Electronic Pinhole Camera

ray theory of light - image formation - pinhole camera

What it shows:
The simplest method of controlling light to form an image is to use an opaque mask with a pinhole in it. Rectilinear propagation of light explains all (nearly). A video camera is substituted for the old prototypal shoe box so that an entire audience can see the pinhole image "live."

How it works:
An extremely light-sensitive video camera 1   sans lens substitutes for the pinhole camera box and film. The front of the Newvicon is the image plane and, as this sits right behind the faceplate of the camera body, it is necessary to use an extension ring to position the pinhole a reasonable distance from the image plane. 2   Over the front of the extension ring is stretched a piece of aluminum foil which is held in place with a rubber band. A sewing needle 3   is used to prick a tiny pinhole into the foil. Despite the incredible sensitivity of the video camera, the subject to be imaged (usually a person) must be brightly illuminated - two 500 watt spotlights at about arm's length from the subject work well. Just as our brain automatically inverts the upside down image on the retina, so does the electronics in the camera.

Setting it up:
The camera sits on a tripod at approximately eye level. Each of the spotlights is mounted on its own tripod, also at eye level, and flank the camera to each side. So as not to obscure the blackboard, it's best to set up the whole arrangement off to the side of the lecture hall.

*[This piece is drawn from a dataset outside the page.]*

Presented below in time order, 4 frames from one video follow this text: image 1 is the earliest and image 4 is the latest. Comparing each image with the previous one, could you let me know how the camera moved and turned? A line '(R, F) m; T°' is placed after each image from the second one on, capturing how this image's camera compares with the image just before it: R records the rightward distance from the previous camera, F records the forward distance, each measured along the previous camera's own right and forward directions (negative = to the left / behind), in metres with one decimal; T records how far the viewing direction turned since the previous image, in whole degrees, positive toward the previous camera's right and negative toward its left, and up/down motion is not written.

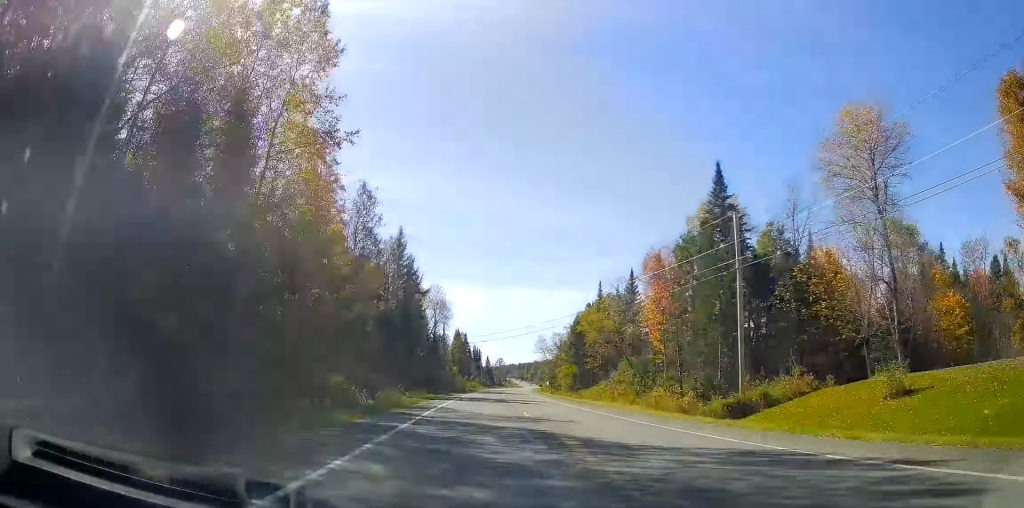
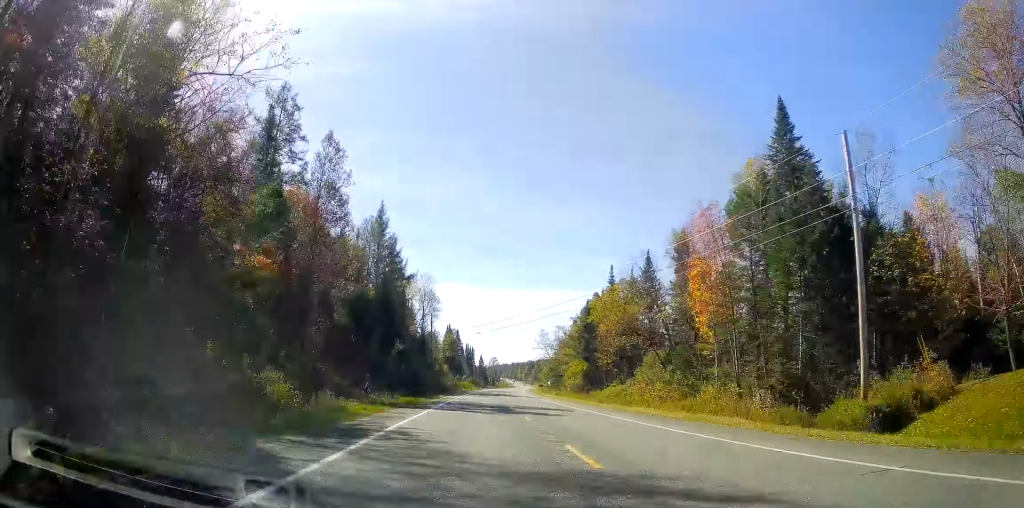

Begin the demonstration with a regular lens in place so that the audience has a sense of what to expect to see on the video projector (or monitor) and this also allows you to aim the camera properly before you turn it into a pinhole camera. Obviously the spotlights must be turned off at this point and, depending on the amount of ambient light, it may be necessary to have the lens stopped down considerably (typically f/8). Next, turn the camera off (this is very important - otherwise the Newvicon may be irreparably damaged), remove the lens and replace it with the extension ring. Lest the audience thinks you're just replacing the lens with yet another, you can first poke your finger through the ring to demonstrate that, indeed, it is only a ring and not optics you're mounting on the front of the camera. With the extension ring screwed in place, stretch a small piece of aluminum foil over the front of the ring and hold it in place with a rubber band. Turn the camera back on (it's easy to forget this and later wonder if your pinhole is not large enough when you don't see an image on the monitor). Turn on the two spotlights and you're ready to make the pinhole with the needle. Have an extra needle and additional foil handy in case you drop the former or mess up the latter. You may have to adjust the camera aim slightly if you didn't get the pinhole in the center.

Try adding two or three pinholes, or vary the size to see the effect on resolution. Note though that the auto-gain of the camera will thwart your predictions about image brightness. Prof. Roy Glauber has added a fun twist to this demonstration by having the subject (himself) hidden from direct view of the audience by a screen. While the camera operator is busy removing the camera lens, Glauber dons a Groucho Marx mask which the audience doesn't see until the pinhole has been made. Rating ***

1 The Ikegami model ITC-410 with option S4075 (Newvicon™) is our choice for low light level applications such as this. It's rated sensitivity is 0.106 lux scene illumination and 0.01 lux faceplate illumination.
2 Since the image size is 2/3" (16.9 mm) on the diagonal, the range of 20 to 40 mm extension gives an image comparable to a wide-angle to telephoto format.
3 In a pinch you can use a sewing pin, but a needle is sharper and will produce a smaller (better) pinhole.